Payton Pugh, a high school student in Winchester, VA was faced with a few options when it came to where she wanted to attend cooking school.
This trend seems to be fairly common among teens aspiring to become a chef or enter into any other technical trade.
Pugh graduated high school last year and was offer positions at several cooking schools in North Carolina, Pennsylvania, and as far away as California. The student chose to attend the cooking school at Baker College after high school graduation, though she had plenty of options.
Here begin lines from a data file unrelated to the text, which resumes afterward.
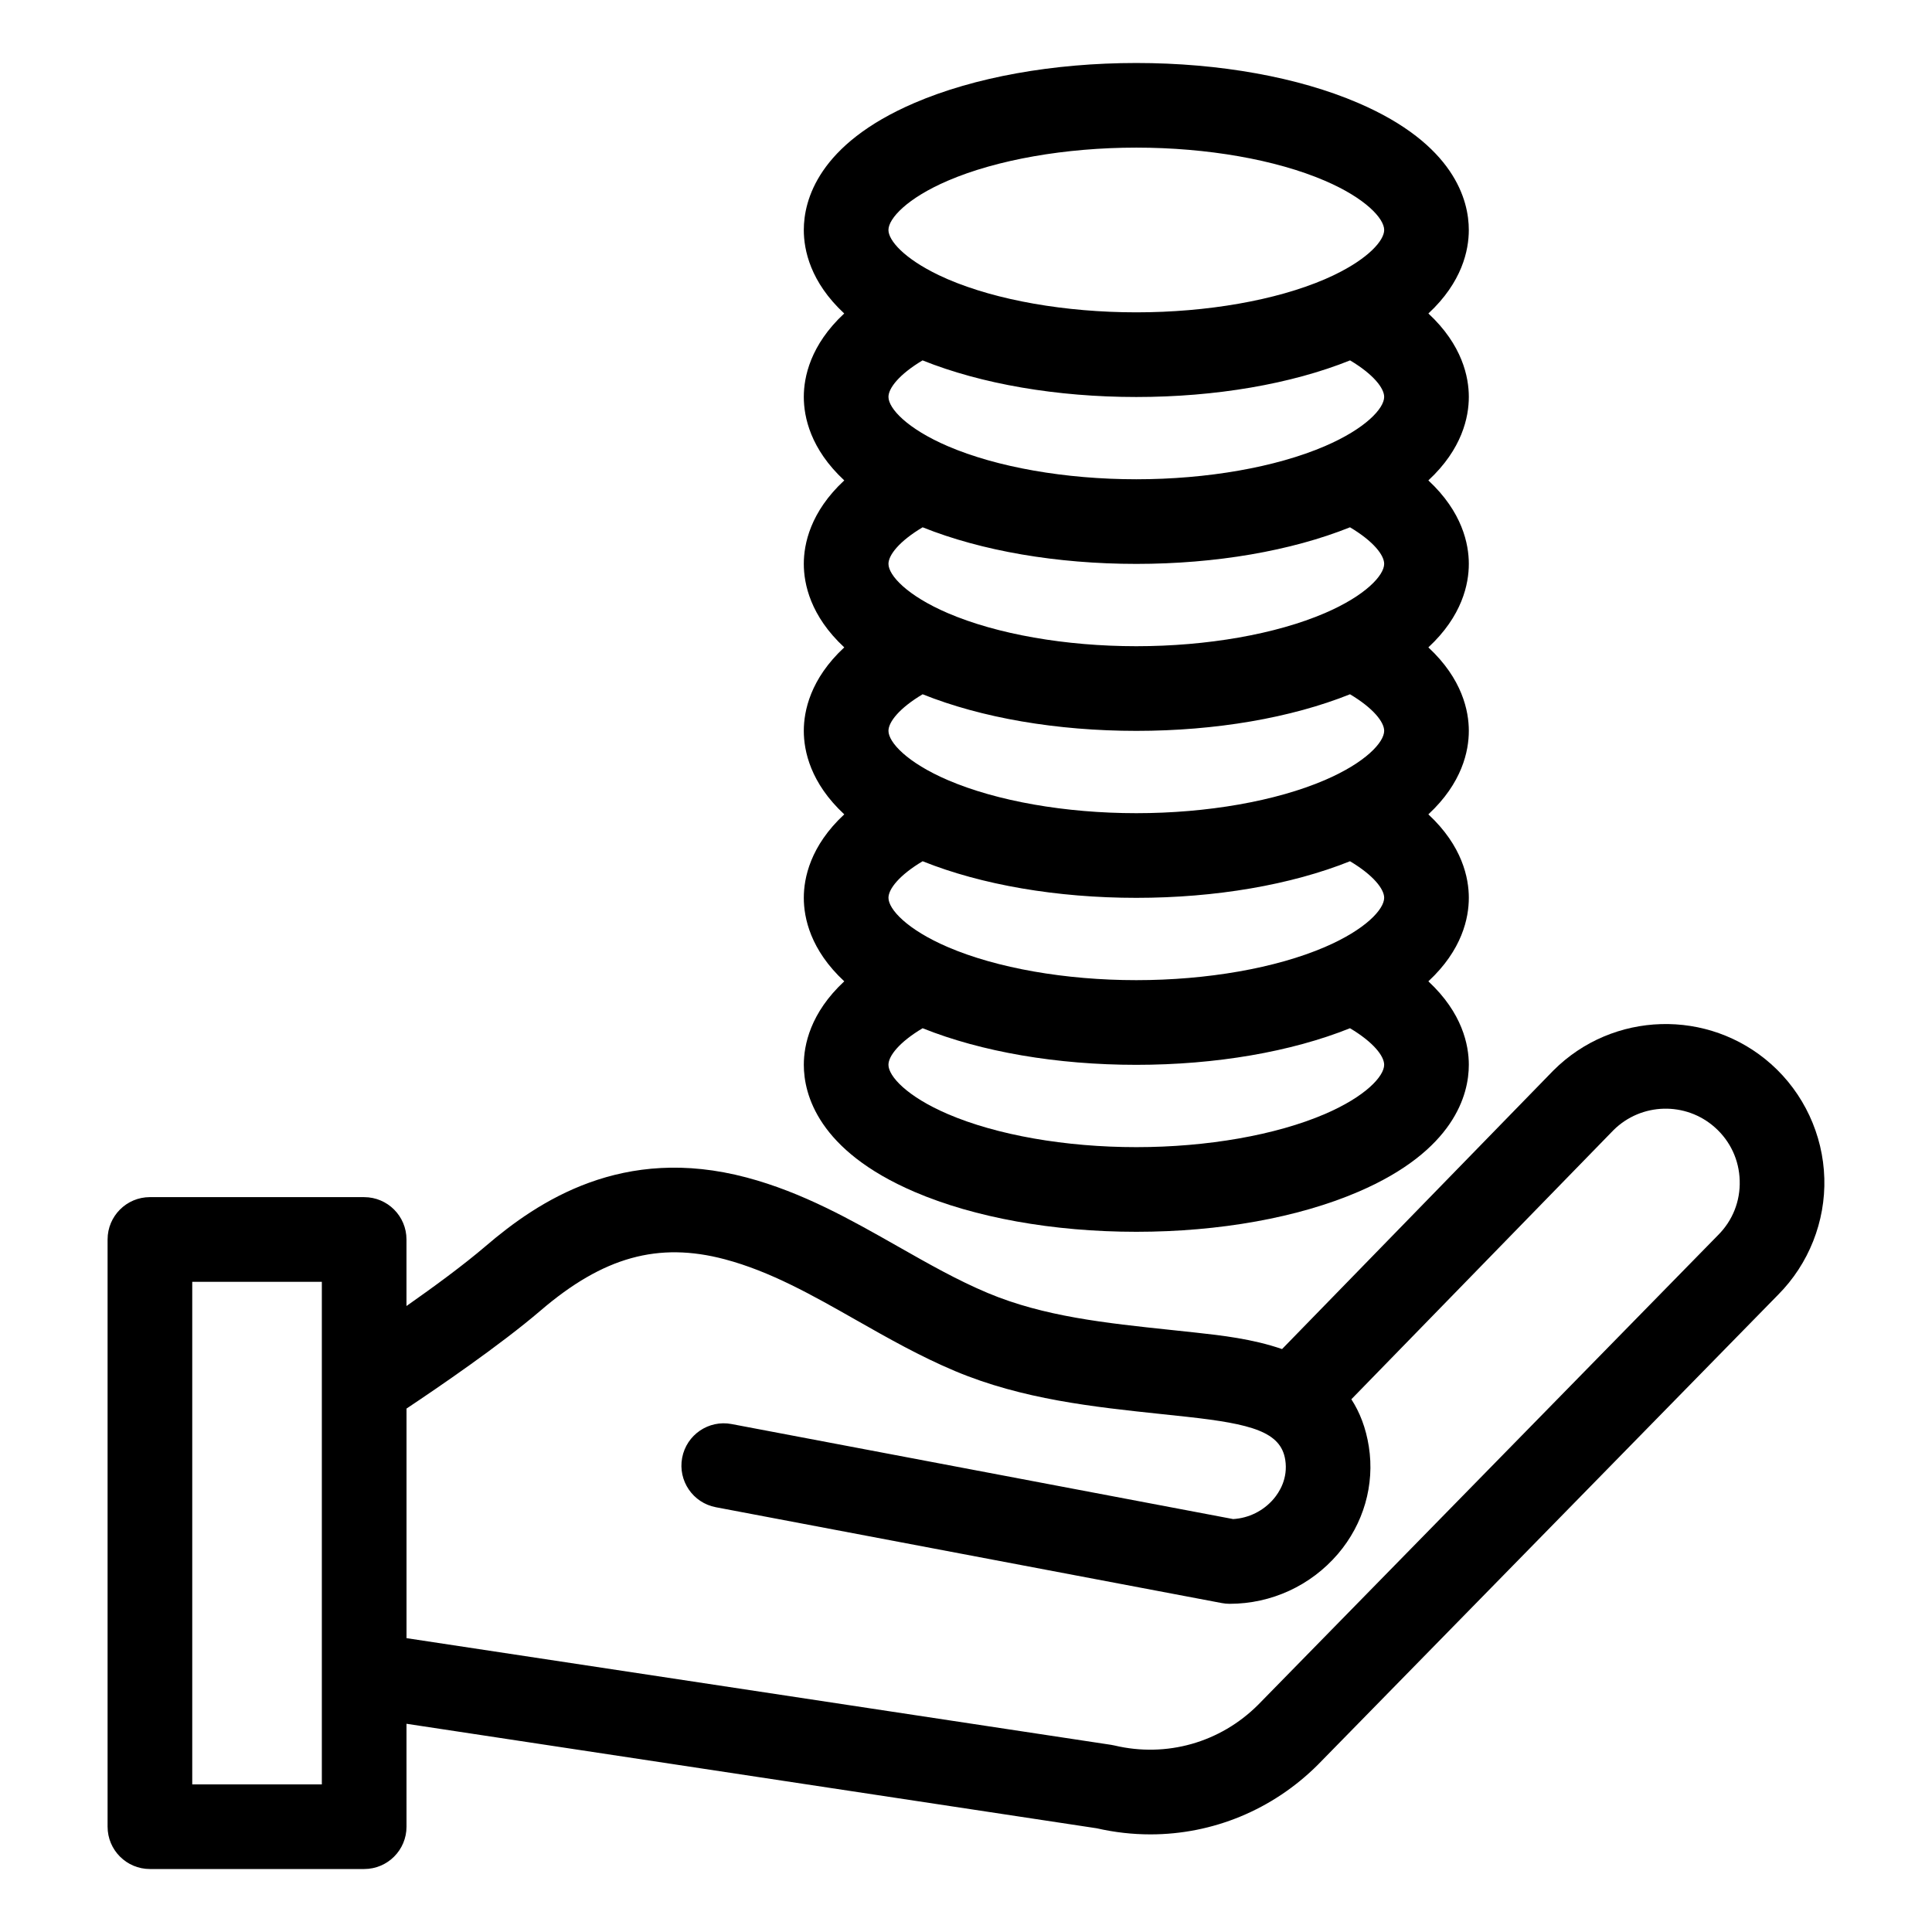 <?xml version="1.0" encoding="UTF-8"?>
<!-- The Best Svg Icon site in the world: iconSvg.co, Visit us! https://iconsvg.co -->
<svg fill="#000000" width="800px" height="800px" version="1.1" viewBox="144 144 512 512" xmlns="http://www.w3.org/2000/svg">
 <g>
  <path d="m627.46 456.21c-0.332-11.527-5.465-22.535-14.082-30.199-16.621-14.793-41.973-14.062-57.711 1.676-0.035 0.035-0.07 0.07-0.105 0.105l-71.805 73.727c-7.824-2.711-16.199-3.633-22.73-4.352-2.231-0.246-4.473-0.484-6.723-0.719-17.324-1.828-33.684-3.551-48.535-9.789-8.031-3.371-15.672-7.715-23.766-12.309-12.426-7.055-25.27-14.355-40.18-18.309-32.77-8.691-55.152 6.227-69.137 18.207-5.809 4.977-13.793 10.832-20.965 15.859v-17.633c0-6.195-5.023-11.219-11.219-11.219l-56.773-0.004c-6.195 0-11.219 5.023-11.219 11.219v155.62c0 6.195 5.023 11.219 11.219 11.219h56.781c6.195 0 11.219-5.023 11.219-11.219l-0.004-27.273 182.93 27.699c4.734 1.082 9.5 1.613 14.219 1.613 16.488 0 32.395-6.481 44.422-18.5 0.023-0.023 0.055-0.055 0.082-0.086l121.84-124.42c8.113-8.145 12.582-19.41 12.246-30.914zm-398.17 160.67h-34.344v-133.19h34.344zm370.01-145.56c-0.023 0.023-0.055 0.055-0.082 0.086l-121.82 124.4c-10.031 10.004-24.25 14.035-38.043 10.77-0.297-0.07-0.598-0.133-0.902-0.176l-186.72-28.27v-60.844c8.328-5.543 24.863-16.836 35.559-26 16.555-14.184 31.145-18.238 48.789-13.559 12.105 3.215 23.156 9.488 34.855 16.133 8.309 4.715 16.898 9.598 26.156 13.488 17.898 7.516 36.699 9.496 54.875 11.418 2.211 0.23 4.418 0.465 6.613 0.707 17.051 1.879 24.852 3.969 26.023 11.395 0.781 4.969-1.598 8.629-3.082 10.367-2.715 3.176-6.586 5.09-10.723 5.336l-132.91-25.18c-6.09-1.16-11.957 2.848-13.109 8.934-1.152 6.086 2.848 11.957 8.934 13.109l134.08 25.398c0.691 0.133 1.387 0.195 2.086 0.195 11.043 0 21.496-4.816 28.684-13.219 6.797-7.949 9.785-18.312 8.195-28.43-0.785-4.996-2.41-9.125-4.637-12.555l69.461-71.312c7.344-7.301 19.145-7.629 26.887-0.734 4.082 3.633 6.414 8.637 6.57 14.09 0.168 5.457-1.867 10.59-5.731 14.449z"/>
  <path d="m357.02 426.18c0 7.871 3.809 22.711 29.312 33.668 15.891 6.828 36.773 10.59 58.805 10.59s42.91-3.758 58.805-10.59c25.504-10.957 29.312-25.801 29.312-33.668 0-5.219-1.707-13.738-10.723-22.117 8.977-8.328 10.723-16.816 10.723-22.133 0-5.219-1.707-13.738-10.723-22.117 8.977-8.328 10.723-16.816 10.723-22.133 0-5.219-1.707-13.738-10.723-22.117 8.977-8.328 10.723-16.816 10.723-22.133 0-5.219-1.707-13.738-10.723-22.117 8.977-8.328 10.723-16.816 10.723-22.133 0-5.215-1.703-13.734-10.715-22.105 8.969-8.324 10.711-16.812 10.711-22.121 0-7.871-3.809-22.711-29.312-33.668-15.891-6.832-36.773-10.594-58.805-10.594-22.027 0-42.914 3.758-58.805 10.59-25.504 10.957-29.312 25.801-29.312 33.668 0 5.309 1.742 13.801 10.711 22.121-9.008 8.375-10.711 16.895-10.711 22.105 0 5.316 1.75 13.805 10.723 22.133-9.02 8.379-10.723 16.898-10.723 22.117 0 5.316 1.75 13.805 10.723 22.133-9.02 8.379-10.723 16.898-10.723 22.117 0 5.316 1.75 13.805 10.723 22.133-9.02 8.379-10.723 16.898-10.723 22.117 0 5.316 1.75 13.805 10.723 22.133-9.016 8.383-10.719 16.906-10.719 22.121zm138.06 13.059c-12.969 5.57-31.172 8.766-49.949 8.766-18.777 0-36.98-3.195-49.949-8.766-10.812-4.644-15.734-10.027-15.734-13.059 0-2.312 2.84-5.992 9.055-9.688 15.598 6.258 35.586 9.699 56.629 9.699 21.043 0 41.031-3.441 56.629-9.699 6.211 3.699 9.055 7.375 9.055 9.688 0 3.035-4.922 8.414-15.734 13.059zm-49.945-190.03c21.051 0 41.047-3.441 56.648-9.703 6.195 3.691 9.035 7.367 9.035 9.68 0 3.031-4.922 8.414-15.734 13.059-12.969 5.57-31.172 8.766-49.949 8.766-18.777 0-36.98-3.195-49.949-8.766-10.812-4.644-15.734-10.027-15.734-13.059 0-2.312 2.836-5.984 9.035-9.68 15.605 6.262 35.598 9.703 56.648 9.703zm0 44.23c21.043 0 41.023-3.441 56.629-9.699 6.211 3.699 9.055 7.375 9.055 9.688 0 3.031-4.922 8.414-15.734 13.059-12.969 5.57-31.172 8.766-49.949 8.766-18.777 0-36.98-3.195-49.949-8.766-10.812-4.644-15.734-10.027-15.734-13.059 0-2.312 2.84-5.992 9.055-9.688 15.602 6.262 35.59 9.699 56.629 9.699zm0 44.25c21.043 0 41.023-3.441 56.629-9.699 6.211 3.699 9.055 7.375 9.055 9.688 0 3.031-4.922 8.414-15.734 13.059-12.969 5.57-31.172 8.766-49.949 8.766-18.777 0-36.98-3.195-49.949-8.766-10.812-4.644-15.734-10.027-15.734-13.059 0-2.312 2.84-5.992 9.055-9.688 15.602 6.262 35.59 9.699 56.629 9.699zm0 44.25c21.043 0 41.023-3.441 56.629-9.699 6.211 3.699 9.055 7.375 9.055 9.688 0 3.031-4.922 8.414-15.734 13.059-12.969 5.57-31.172 8.766-49.949 8.766-18.777 0-36.98-3.195-49.949-8.766-10.812-4.644-15.734-10.027-15.734-13.059 0-2.312 2.84-5.992 9.055-9.688 15.602 6.262 35.59 9.699 56.629 9.699zm-49.945-190.05c12.969-5.57 31.172-8.766 49.949-8.766s36.98 3.195 49.949 8.766c10.812 4.644 15.734 10.027 15.734 13.059 0 2.781-4.152 7.531-13.176 11.887-0.145 0.066-0.293 0.141-0.438 0.211-0.684 0.324-1.387 0.645-2.125 0.961-12.969 5.57-31.172 8.766-49.949 8.766-18.777 0-36.98-3.195-49.949-8.766-0.82-0.352-1.594-0.711-2.344-1.066-0.047-0.02-0.086-0.047-0.133-0.066-9.082-4.363-13.262-9.141-13.262-11.926 0.008-3.035 4.93-8.414 15.742-13.059z"/>
 </g>
</svg>

Now she is attending culinary arts classes at the Culinary Institute of Michigan at Baker to earn an associate’s degree and intends to graduate in the middle of next year.
The cooking school’s parent institution, Baker College, is becoming accustomed to new students joining the ranks at the school. Out of state enrollments are on the rise at the school, nearly tripling in the last decade according to the school’s local paper.
The president of Baker College of Muskegon says that he believes this rise in enrollment is due to quality education and through tuitions costs that students can afford. Payton Pugh said her decision made based on a solid program and, though unrelated to the cooking school itself, the weather and scenery near the campus. She wanted to be near the large amounts of snow and liked that the beaches were nearby.
Many students are following this trend in choosing a school that is a good fit based on several factors. This may be largely due to the overall availability of technical programs like cooking schools. As the demand in these industries rise, more cooking schools and higher learning technical institutions are born. This provides plenty of options for students who are shopping for the perfect program, cost, and location. The cooking school industry is thriving and as long as there is job demand for chefs, there will be a school to fit every student’s needs.